R. Azriel Hildesheimer (Israel; 1820–1899), German rabbi, scholar, educator, and leader of Orthodox Jewry. Hildesheimer, who was born in Halberstadt into a family of scholars, received his early education in the local Jewish school, the first in Germany to include general subjects in its curriculum. He continued his talmudic studies under Jacob Ettlinger in Altona, and attended the lectures of Isaac Bernays in neighboring Hamburg. At Berlin University he studied Semitics, philosophy, history, and science, and eventually received his doctorate from the University of Halle. His dissertation, "The Correct Method of Interpreting the Bible," dealt with the Septuagint. By his marriage to the daughter of Aaron Hirsch he became financially independent, enabling him to pursue freely his university studies and his subsequent career. On his return to Halberstadt, Hildesheimer assumed the voluntary post of secretary to the community.
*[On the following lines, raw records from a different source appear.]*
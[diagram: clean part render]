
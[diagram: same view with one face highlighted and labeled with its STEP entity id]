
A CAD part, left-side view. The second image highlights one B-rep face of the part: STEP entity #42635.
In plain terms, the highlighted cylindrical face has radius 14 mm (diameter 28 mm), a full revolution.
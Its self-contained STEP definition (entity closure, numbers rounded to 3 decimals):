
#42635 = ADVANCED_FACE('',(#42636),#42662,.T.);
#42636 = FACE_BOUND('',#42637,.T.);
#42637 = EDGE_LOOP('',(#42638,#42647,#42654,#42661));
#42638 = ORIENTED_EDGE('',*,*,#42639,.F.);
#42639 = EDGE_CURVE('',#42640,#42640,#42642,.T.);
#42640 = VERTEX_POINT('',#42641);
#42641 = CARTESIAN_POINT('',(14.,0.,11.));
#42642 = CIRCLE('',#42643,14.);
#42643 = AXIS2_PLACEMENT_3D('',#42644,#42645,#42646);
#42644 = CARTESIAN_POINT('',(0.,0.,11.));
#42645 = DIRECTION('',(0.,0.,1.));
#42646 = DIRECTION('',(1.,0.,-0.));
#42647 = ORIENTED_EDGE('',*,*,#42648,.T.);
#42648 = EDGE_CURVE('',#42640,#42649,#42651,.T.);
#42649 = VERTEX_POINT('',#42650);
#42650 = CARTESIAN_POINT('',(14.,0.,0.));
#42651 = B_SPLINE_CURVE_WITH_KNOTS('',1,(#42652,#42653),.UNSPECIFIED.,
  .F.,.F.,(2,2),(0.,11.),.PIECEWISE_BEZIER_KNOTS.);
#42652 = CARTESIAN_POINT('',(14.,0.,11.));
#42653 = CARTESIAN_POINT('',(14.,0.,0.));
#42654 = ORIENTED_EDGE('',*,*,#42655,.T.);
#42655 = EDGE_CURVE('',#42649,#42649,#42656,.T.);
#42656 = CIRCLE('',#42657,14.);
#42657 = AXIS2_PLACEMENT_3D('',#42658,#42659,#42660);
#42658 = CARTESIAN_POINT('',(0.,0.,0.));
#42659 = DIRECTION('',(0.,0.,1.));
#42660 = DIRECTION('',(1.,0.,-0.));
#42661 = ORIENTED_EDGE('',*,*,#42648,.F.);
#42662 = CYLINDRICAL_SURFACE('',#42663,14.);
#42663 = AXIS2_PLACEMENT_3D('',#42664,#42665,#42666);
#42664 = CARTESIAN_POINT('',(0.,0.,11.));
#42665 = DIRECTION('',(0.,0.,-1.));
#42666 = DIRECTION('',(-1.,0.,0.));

In 1851 Hildesheimer was appointed rabbi of the Austro-Hungarian community of Eisenstadt; there he reorganized the educational system and established a yeshivah, where secular studies were included in the curriculum. Many of the courses were taught by Hildesheimer himself. The yeshivah was highly successful, and students came there from all over Europe. However, despite Hildesheimer's great learning and patent Orthodoxy, the great majority of Orthodox Hungarian rabbis bitterly opposed his modernism and the institution he created. At a congress of Hungarian Jewry in 1868–69, which met to decide on the establishment of a rabbinical seminary for the whole of Hungary, Hildesheimer and his sympathizers had to contend with both the Reform and the ultra-Orthodox factions. His moderate proposals might have preserved the unity of Hungarian Jewry, but the congress ended in a radical split (see also Landesrabbinerschule).
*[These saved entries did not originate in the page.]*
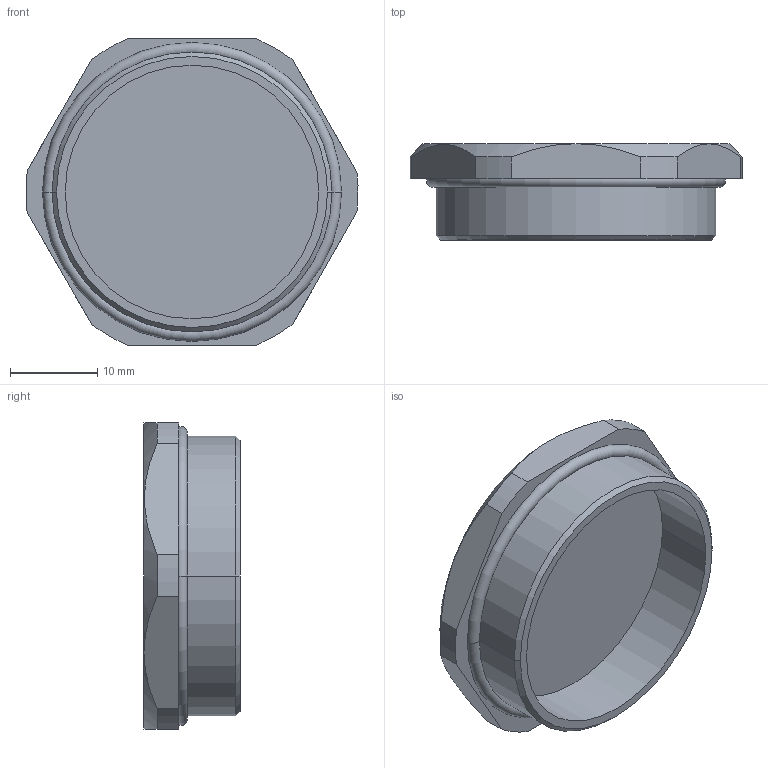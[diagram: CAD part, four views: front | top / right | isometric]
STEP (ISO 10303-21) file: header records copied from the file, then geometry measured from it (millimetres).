
FILE_DESCRIPTION((''),'2;1');
FILE_NAME('3D_1021010181001_WNP-M25_V1_0','2020-08-14T',('f.li'),(''),'PRO/ENGINEER BY PARAMETRIC TECHNOLOGY CORPORATION, 2012480','PRO/ENGINEER BY PARAMETRIC TECHNOLOGY CORPORATION, 2012480','');
FILE_SCHEMA(('CONFIG_CONTROL_DESIGN'));
Length unit declared in the file: millimetre
Products named in the file (1): 3D_1021010181001_WNP-M25_V1_0
Bounding box: 37.97 x 11 x 35 mm (x, y, z)
Volume: 5218.7 mm3; surface area: 3801.4 mm2
Topology: 1 solids, 1 shells, 29 faces, 66 edges, 41 vertices
Faces by surface type: plane 10, cylinder 10, cone 7, torus 2
Entity records: 892 total; most frequent: CARTESIAN_POINT 193, DIRECTION 144, ORIENTED_EDGE 132, EDGE_CURVE 66, AXIS2_PLACEMENT_3D 60, VERTEX_POINT 41, EDGE_LOOP 31, CIRCLE 31

Despairing of success in Hungary, in 1869 Hildesheimer accepted a call from Berlin to become rabbi of the newly founded Orthodox congregation, Adass Jisroel. In 1873 he established a rabbinical seminary which later became the central institution for the training of Orthodox rabbis in Europe. Hildesheimer's students carried with them all over the world the notion that their Orthodoxy was compatible with scientific study of Jewish sources. Hildesheimer shared with S. R. Hirsch the leadership of the Orthodox Jewish community of Germany. Though the two were personally close, there were fundamental differences of opinion between them. While Hirsch sought separation for the Orthodox, Hildesheimer counseled close cooperation between all bodies in the community for the sake of the Jewish people as a whole. He believed such cooperation to be particularly important in the battle against German anti-Semitism in which he participated together with his Reform colleagues. At the same time he vigorously opposed the Reform movement throughout the course of his career as a force undermining the faith of Judaism.
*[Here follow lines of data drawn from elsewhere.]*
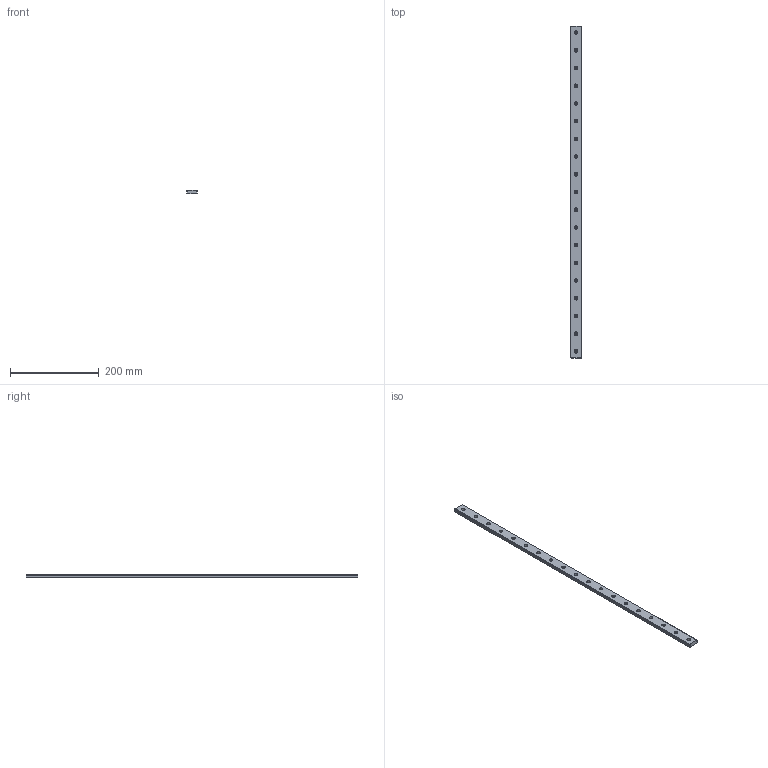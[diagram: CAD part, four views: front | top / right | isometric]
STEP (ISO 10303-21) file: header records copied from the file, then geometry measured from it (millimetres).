
FILE_DESCRIPTION (( 'STEP AP203' ), '1' );
FILE_NAME ('MB12-750L.step', '2021-02-18T17:44:58', ( '' ), ( '' ), 'SwSTEP 2.0', 'SolidWorks 2019', '' );
FILE_SCHEMA (( 'CONFIG_CONTROL_DESIGN' ));
Length unit declared in the file: millimetre
Products named in the file (1): MB12-750L
Bounding box: 24 x 750 x 8.5 mm (x, y, z)
Volume: 143764.3 mm3; surface area: 53963.9 mm2
Topology: 1 solids, 1 shells, 120 faces, 297 edges, 198 vertices
Faces by surface type: cylinder 86, plane 34
Entity records: 3806 total; most frequent: DIRECTION 711, CARTESIAN_POINT 616, ORIENTED_EDGE 594, EDGE_CURVE 297, AXIS2_PLACEMENT_3D 293, VERTEX_POINT 198, EDGE_LOOP 177, CIRCLE 172

Hildesheimer was an active worker on behalf of stricken Jewish communities throughout the world. As a member of the central council of the Hilfsverein der deutschen Juden, he was deeply involved in assisting the victims of Russian pogroms from 1882 onward. He was alone in pleading that the survivors be directed to Erez Israel instead of the New World. Throughout his life, he was an enthusiastic supporter of Palestine Jewry and the building of the yishuv. In Eisenstadt he had collected large sums for Jerusalem Jewry. The Battei Mahaseh dwellings in the Old City of Jerusalem were erected on his initiative (they were destroyed in 1948 and rebuilt after the Six-Day War of 1967). In 1872 he founded a Palaestina Verein with the object of raising the educational and vocational standards of Jerusalem Jews, particularly by the establishment in 1879 of an orphanage. This drew on his head the bitter antagonism of the ultra-Orthodox old yishuv, which placed him under a ban (herem). Hildesheimer supported the Hovevei Zion and the colonization movement; he was in particularly close contact with R. Zevi Hirsch Kalischer. For politico-legal reasons the newly acquired lands of Gederah were registered in his name; his excellent relations with the German Foreign Office were of value in securing its support for the yishuv.
Hildesheimer contributed regularly to such German-Jewish periodicals as Ettlinger's Treue Zionswaechter, Fuerst's Orient, and Lehmann's Israelit. In 1870 he founded in Berlin the Juedische Presse, which was later edited by his son Hirsch. This paper was the only one in Germany at that time to give unequivocal support to the emigration of German Jews and their settlement in Palestine. Though Hildesheimer's energies were severely taxed by his labors on behalf of the community, his contributions to Jewish scholarship were by no means insignificant. Of particular importance is his edition of Halakhot Gedolot from a Vatican manuscript (1888–90), which represented a hitherto unknown version of this important gaonic work. He also published some smaller studies in rabbinics, generally as supplements to the annual reports of the rabbinical seminary. His responsa on the first two parts of the Shulhan Arukh appeared in 1969. His great dream of publishing a translation of the Torah, together with a traditional commentary, never came to fruition. A collection of his essays, Gesammelte Aufsaetze (1923), was edited by his son Meir Hildesheimer. A festschrift, Shai la-Moreh (1890), was published on the occasion of his 70th birthday. Only a small part of his voluminous correspondence has been published (Ed. M. Eliav, 1961).